High-quality global navigation satellite systems (GNSS) products are integral to a wide array of scientific and commercial applications. The analysis centers of the International GNSS Service generate such products by processing observations from a global network of ground stations to one or more GNSS constellations. So far, this kind of processing only incorporates elevation-dependent a priori modeling of observation variances and disregards temporal correlations. Meanwhile, numerous studies have shown the positive impact the incorporation of sophisticated stochastic modeling has on GNSS processing and resulting products. The stochastic properties of highly stable atomic clocks onboard GNSS satellites or linked to some receivers can also be modeled in this fashion. While studies show that this improves the resulting GNSS products, global GNSS processing does not yet commonly utilize stochastic modeling of clock estimates.

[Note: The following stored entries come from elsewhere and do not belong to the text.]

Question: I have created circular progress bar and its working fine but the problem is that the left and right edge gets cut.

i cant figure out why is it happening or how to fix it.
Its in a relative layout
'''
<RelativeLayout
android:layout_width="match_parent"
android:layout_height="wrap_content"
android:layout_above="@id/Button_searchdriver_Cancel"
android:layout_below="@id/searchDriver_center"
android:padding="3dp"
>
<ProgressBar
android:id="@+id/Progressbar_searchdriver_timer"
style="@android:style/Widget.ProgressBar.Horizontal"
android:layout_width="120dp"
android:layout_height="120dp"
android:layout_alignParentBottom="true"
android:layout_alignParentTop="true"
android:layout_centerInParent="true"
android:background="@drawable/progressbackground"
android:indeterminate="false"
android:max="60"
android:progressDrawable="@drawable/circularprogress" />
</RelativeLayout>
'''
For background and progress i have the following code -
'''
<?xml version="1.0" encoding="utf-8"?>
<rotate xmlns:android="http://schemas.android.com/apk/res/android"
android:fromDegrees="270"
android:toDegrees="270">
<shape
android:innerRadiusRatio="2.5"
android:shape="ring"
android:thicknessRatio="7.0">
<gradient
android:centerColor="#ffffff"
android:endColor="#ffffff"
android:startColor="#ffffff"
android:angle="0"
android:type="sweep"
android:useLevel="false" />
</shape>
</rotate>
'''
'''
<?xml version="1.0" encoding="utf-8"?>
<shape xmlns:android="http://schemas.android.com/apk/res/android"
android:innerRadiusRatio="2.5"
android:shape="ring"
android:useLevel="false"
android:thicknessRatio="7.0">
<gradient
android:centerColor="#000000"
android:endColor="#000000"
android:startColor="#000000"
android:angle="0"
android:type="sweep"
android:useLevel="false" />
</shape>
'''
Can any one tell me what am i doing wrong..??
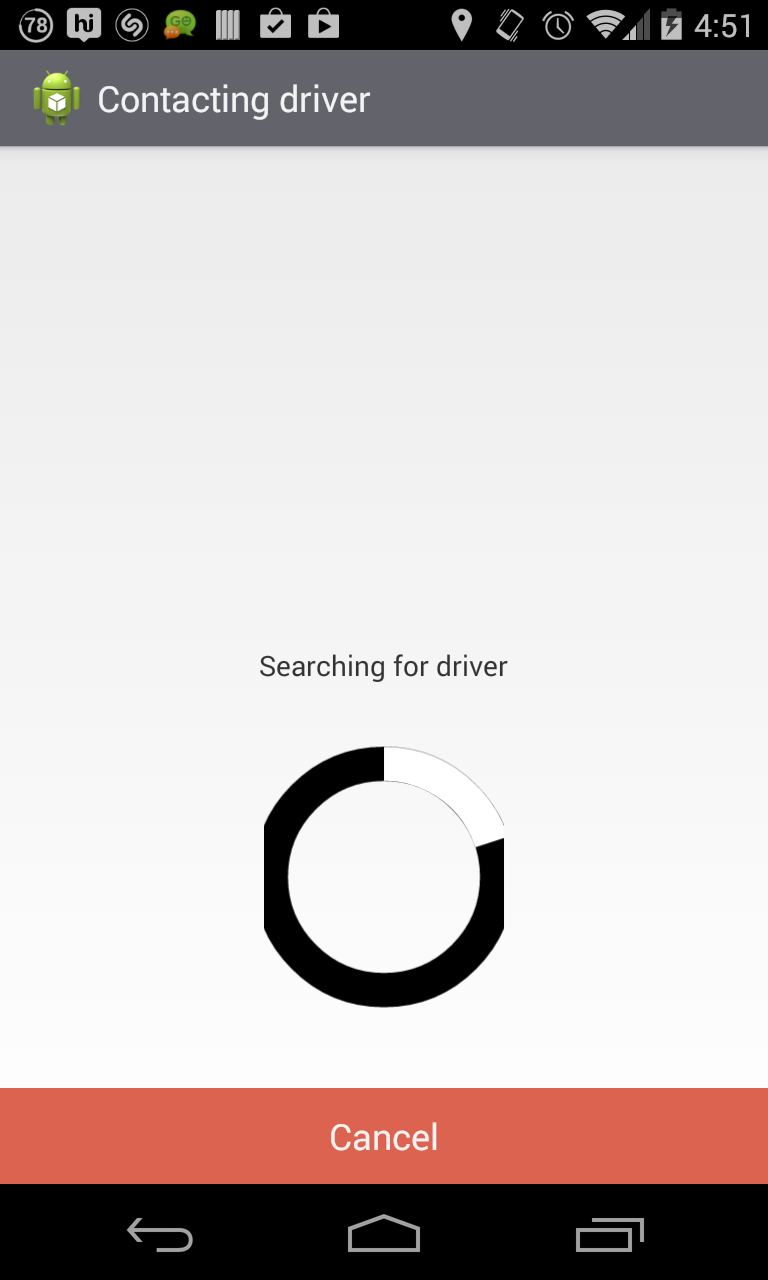
Answer: set
'''
android:innerRadiusRatio="3.0"
'''
According to the <URL>
> 'innerRadiusRatio' is the radius for the inner part of the ring, expressed as a ratio of the
ring's width. For instance, if 'android:innerRadiusRatio="5"', then the
inner radius equals the ring's width divided by 5. This value is
overridden by 'android:innerRadius'. Default value is 9.

The main goal of the project is to advance the state of the art of global GNSS processing by incorporating sophisticated stochastic modeling of observation noise and clock estimates. Achieving this goal requires finding the best parametric description of the observation noise covariance matrix and the stochastic properties of clock estimates. Implementing a suitable and efficient normal equation structure enables stochastic modeling even in large-scale global GNSS processing. Furthermore, automatically adjusting the model coefficients by means of variance component estimation is going to result in more realistic noise models. Publishing all findings and developed methodologies on an open-access basis together with a GNSS product time series of at least 10 years benefits the GNSS community and users.
This project is funded within the Austrian Space Applications Program (ASAP) Phase XVI by the Austrian Research Promotion Agency (FFG).